What is being asked
Repeat the records below exactly, line for line.

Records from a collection
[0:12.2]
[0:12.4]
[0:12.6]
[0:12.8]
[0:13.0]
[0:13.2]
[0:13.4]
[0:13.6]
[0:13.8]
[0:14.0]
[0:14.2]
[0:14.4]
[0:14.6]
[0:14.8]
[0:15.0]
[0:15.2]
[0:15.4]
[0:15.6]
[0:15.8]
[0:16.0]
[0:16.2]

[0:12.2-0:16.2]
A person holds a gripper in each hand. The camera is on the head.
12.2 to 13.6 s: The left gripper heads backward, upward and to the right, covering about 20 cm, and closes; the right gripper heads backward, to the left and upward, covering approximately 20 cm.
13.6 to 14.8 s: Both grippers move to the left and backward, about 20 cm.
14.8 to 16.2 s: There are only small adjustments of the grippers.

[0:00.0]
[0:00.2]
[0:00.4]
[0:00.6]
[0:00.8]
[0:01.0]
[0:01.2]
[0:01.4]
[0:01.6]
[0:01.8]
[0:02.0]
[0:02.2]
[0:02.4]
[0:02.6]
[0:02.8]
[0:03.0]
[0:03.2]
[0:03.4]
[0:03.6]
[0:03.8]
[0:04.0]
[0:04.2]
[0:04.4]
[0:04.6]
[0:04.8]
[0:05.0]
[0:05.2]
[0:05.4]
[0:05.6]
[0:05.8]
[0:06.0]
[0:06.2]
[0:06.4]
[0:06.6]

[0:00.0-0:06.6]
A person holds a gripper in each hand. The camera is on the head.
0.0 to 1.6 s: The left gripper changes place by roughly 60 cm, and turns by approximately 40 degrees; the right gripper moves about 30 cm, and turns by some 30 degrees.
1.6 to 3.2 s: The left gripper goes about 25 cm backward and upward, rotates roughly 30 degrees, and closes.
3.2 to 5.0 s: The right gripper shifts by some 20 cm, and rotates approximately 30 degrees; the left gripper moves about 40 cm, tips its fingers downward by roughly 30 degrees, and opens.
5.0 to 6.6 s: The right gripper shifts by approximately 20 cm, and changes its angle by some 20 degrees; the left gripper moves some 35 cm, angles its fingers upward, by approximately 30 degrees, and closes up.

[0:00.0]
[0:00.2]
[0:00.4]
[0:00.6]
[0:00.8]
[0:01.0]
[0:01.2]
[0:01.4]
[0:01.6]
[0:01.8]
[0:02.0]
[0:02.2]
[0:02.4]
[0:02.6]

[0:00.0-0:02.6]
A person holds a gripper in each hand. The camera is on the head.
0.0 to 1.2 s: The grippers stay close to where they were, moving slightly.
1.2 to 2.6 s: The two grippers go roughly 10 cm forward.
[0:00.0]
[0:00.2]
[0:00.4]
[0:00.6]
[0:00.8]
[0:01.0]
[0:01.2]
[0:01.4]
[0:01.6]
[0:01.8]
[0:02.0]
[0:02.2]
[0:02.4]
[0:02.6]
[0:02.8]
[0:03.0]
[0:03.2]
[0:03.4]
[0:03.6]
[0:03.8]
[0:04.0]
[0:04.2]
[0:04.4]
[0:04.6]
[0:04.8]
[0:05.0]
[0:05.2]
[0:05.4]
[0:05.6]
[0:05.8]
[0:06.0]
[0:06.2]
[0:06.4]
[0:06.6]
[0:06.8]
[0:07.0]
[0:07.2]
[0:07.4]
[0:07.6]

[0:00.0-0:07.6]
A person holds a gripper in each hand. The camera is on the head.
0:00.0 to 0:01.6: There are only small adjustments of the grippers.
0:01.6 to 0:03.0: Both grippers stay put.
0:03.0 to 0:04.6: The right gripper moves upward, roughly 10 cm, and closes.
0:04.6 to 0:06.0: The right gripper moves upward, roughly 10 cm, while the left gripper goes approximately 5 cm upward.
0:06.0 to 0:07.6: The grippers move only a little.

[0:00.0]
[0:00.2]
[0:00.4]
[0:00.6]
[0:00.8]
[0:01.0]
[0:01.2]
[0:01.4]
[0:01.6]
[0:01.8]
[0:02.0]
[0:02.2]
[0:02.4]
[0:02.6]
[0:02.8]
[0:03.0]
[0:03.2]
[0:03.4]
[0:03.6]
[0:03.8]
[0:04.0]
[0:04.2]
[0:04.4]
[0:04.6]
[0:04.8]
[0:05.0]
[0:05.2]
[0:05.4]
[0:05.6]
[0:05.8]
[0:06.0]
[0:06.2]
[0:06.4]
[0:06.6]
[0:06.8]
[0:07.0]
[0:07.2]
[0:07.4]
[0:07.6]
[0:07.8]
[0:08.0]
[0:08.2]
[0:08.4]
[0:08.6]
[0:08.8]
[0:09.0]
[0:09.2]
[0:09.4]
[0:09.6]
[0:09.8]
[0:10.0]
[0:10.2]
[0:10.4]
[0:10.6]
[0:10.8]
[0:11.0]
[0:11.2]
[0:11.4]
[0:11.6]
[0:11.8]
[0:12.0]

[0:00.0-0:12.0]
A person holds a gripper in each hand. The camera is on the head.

Exercise output
[0:12.2]
[0:12.4]
[0:12.6]
[0:12.8]
[0:13.0]
[0:13.2]
[0:13.4]
[0:13.6]
[0:13.8]
[0:14.0]
[0:14.2]
[0:14.4]
[0:14.6]
[0:14.8]
[0:15.0]
[0:15.2]
[0:15.4]
[0:15.6]
[0:15.8]
[0:16.0]
[0:16.2]

[0:12.2-0:16.2]
A person holds a gripper in each hand. The camera is on the head.
12.2 to 13.6 s: The left gripper heads backward, upward and to the right, covering about 20 cm, and closes; the right gripper heads backward, to the left and upward, covering approximately 20 cm.
13.6 to 14.8 s: Both grippers move to the left and backward, about 20 cm.
14.8 to 16.2 s: There are only small adjustments of the grippers.

[0:00.0]
[0:00.2]
[0:00.4]
[0:00.6]
[0:00.8]
[0:01.0]
[0:01.2]
[0:01.4]
[0:01.6]
[0:01.8]
[0:02.0]
[0:02.2]
[0:02.4]
[0:02.6]
[0:02.8]
[0:03.0]
[0:03.2]
[0:03.4]
[0:03.6]
[0:03.8]
[0:04.0]
[0:04.2]
[0:04.4]
[0:04.6]
[0:04.8]
[0:05.0]
[0:05.2]
[0:05.4]
[0:05.6]
[0:05.8]
[0:06.0]
[0:06.2]
[0:06.4]
[0:06.6]

[0:00.0-0:06.6]
A person holds a gripper in each hand. The camera is on the head.
0.0 to 1.6 s: The left gripper changes place by roughly 60 cm, and turns by approximately 40 degrees; the right gripper moves about 30 cm, and turns by some 30 degrees.
1.6 to 3.2 s: The left gripper goes about 25 cm backward and upward, rotates roughly 30 degrees, and closes.
3.2 to 5.0 s: The right gripper shifts by some 20 cm, and rotates approximately 30 degrees; the left gripper moves about 40 cm, tips its fingers downward by roughly 30 degrees, and opens.
5.0 to 6.6 s: The right gripper shifts by approximately 20 cm, and changes its angle by some 20 degrees; the left gripper moves some 35 cm, angles its fingers upward, by approximately 30 degrees, and closes up.

[0:00.0]
[0:00.2]
[0:00.4]
[0:00.6]
[0:00.8]
[0:01.0]
[0:01.2]
[0:01.4]
[0:01.6]
[0:01.8]
[0:02.0]
[0:02.2]
[0:02.4]
[0:02.6]

[0:00.0-0:02.6]
A person holds a gripper in each hand. The camera is on the head.
0.0 to 1.2 s: The grippers stay close to where they were, moving slightly.
1.2 to 2.6 s: The two grippers go roughly 10 cm forward.
[0:00.0]
[0:00.2]
[0:00.4]
[0:00.6]
[0:00.8]
[0:01.0]
[0:01.2]
[0:01.4]
[0:01.6]
[0:01.8]
[0:02.0]
[0:02.2]
[0:02.4]
[0:02.6]
[0:02.8]
[0:03.0]
[0:03.2]
[0:03.4]
[0:03.6]
[0:03.8]
[0:04.0]
[0:04.2]
[0:04.4]
[0:04.6]
[0:04.8]
[0:05.0]
[0:05.2]
[0:05.4]
[0:05.6]
[0:05.8]
[0:06.0]
[0:06.2]
[0:06.4]
[0:06.6]
[0:06.8]
[0:07.0]
[0:07.2]
[0:07.4]
[0:07.6]

[0:00.0-0:07.6]
A person holds a gripper in each hand. The camera is on the head.
0:00.0 to 0:01.6: There are only small adjustments of the grippers.
0:01.6 to 0:03.0: Both grippers stay put.
0:03.0 to 0:04.6: The right gripper moves upward, roughly 10 cm, and closes.
0:04.6 to 0:06.0: The right gripper moves upward, roughly 10 cm, while the left gripper goes approximately 5 cm upward.
0:06.0 to 0:07.6: The grippers move only a little.

[0:00.0]
[0:00.2]
[0:00.4]
[0:00.6]
[0:00.8]
[0:01.0]
[0:01.2]
[0:01.4]
[0:01.6]
[0:01.8]
[0:02.0]
[0:02.2]
[0:02.4]
[0:02.6]
[0:02.8]
[0:03.0]
[0:03.2]
[0:03.4]
[0:03.6]
[0:03.8]
[0:04.0]
[0:04.2]
[0:04.4]
[0:04.6]
[0:04.8]
[0:05.0]
[0:05.2]
[0:05.4]
[0:05.6]
[0:05.8]
[0:06.0]
[0:06.2]
[0:06.4]
[0:06.6]
[0:06.8]
[0:07.0]
[0:07.2]
[0:07.4]
[0:07.6]
[0:07.8]
[0:08.0]
[0:08.2]
[0:08.4]
[0:08.6]
[0:08.8]
[0:09.0]
[0:09.2]
[0:09.4]
[0:09.6]
[0:09.8]
[0:10.0]
[0:10.2]
[0:10.4]
[0:10.6]
[0:10.8]
[0:11.0]
[0:11.2]
[0:11.4]
[0:11.6]
[0:11.8]
[0:12.0]

[0:00.0-0:12.0]
A person holds a gripper in each hand. The camera is on the head.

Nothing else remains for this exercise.